- Education: Cornell University Harvard Business School
- Occupation: Business executive
- Employer: Lenox Group
- Known for: Former CEO of Lenox Group; former director of Wells Fargo

= Susan E. Engel =

Susan E. Engel is an American business executive. She is the retired chief executive officer of Lenox Group, Inc., and former member of the Wells Fargo & Company board of directors.

== Early life and education ==
Engel received her BS degree in industrial and labor relations from Cornell University in 1968 and her MBA degree from Harvard Business School in 1976. She began her business career with the J.C. Penney Company in 1968. In 1977 she joined Booz Allen Hamilton as vice president. From 1991 to 1994 she was president and chief executive officer of the Champion Products Division of Sara Lee.

== Career ==

=== Lenox ===
She joined Lenox Group, Inc. (formerly Department 56, Inc.), as president and chief operating officer in September 1994, a year after the company's initial public offering.

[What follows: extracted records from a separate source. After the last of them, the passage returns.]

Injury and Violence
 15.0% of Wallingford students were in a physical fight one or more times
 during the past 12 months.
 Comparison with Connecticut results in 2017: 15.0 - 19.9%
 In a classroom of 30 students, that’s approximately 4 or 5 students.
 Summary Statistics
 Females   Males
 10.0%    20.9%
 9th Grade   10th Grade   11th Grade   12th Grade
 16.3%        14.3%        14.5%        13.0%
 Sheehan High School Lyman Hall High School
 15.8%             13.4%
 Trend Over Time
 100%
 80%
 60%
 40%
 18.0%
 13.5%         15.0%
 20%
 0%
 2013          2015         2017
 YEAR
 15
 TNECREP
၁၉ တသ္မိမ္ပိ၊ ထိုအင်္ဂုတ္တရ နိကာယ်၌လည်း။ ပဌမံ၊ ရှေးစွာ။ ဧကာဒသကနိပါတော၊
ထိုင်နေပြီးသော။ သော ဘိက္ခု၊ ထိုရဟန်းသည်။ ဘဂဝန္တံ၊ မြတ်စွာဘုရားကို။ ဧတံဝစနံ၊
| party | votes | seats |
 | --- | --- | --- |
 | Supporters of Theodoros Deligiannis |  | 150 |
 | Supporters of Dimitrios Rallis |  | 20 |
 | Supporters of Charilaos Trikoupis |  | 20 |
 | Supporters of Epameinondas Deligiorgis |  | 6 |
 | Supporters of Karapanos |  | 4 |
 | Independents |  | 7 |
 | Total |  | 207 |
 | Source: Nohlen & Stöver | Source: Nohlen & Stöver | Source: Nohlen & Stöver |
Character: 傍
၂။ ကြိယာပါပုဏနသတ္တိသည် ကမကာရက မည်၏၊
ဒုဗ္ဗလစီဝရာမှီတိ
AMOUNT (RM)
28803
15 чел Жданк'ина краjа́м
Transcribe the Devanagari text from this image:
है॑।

In February 1996 Engel was elected a director of Lenox Group. She was elected chairwoman and chief executive officer in November 1996. Early in 1998 Engel was elected a director of Norwest Corporation. Later that year Norwest merged with Wells Fargo, and she became a director of the latter. She was elected a director of Supervalu, Inc., in 1999.

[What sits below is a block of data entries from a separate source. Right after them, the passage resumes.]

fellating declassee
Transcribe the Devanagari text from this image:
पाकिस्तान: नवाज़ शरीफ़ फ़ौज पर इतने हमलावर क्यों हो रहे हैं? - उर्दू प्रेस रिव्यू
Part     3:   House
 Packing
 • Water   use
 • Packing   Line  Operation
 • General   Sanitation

Engel retired as chairwoman, CEO and a director of Lenox Group in 2007. Besides serving as a director and SuperValu, she is also a member of the board of overseers of the Carlson School of Management at the University of Minnesota.

In the political realm, she has been a member of Obama for Illinois, John Kerry for president, Hillary Clinton for president, Al Franken for Senate, and the Minneapolis Board of Advisers of the League of Women Voters.

=== Wells Fargo & Company ===
Engel served as director from May 1998 until April 2017.

On February 28, 2017, Engel, informed the company that she would not stand for re-election and will retire as a member of the Board at the company's Annual Meeting of Stockholders on April 25, 2017.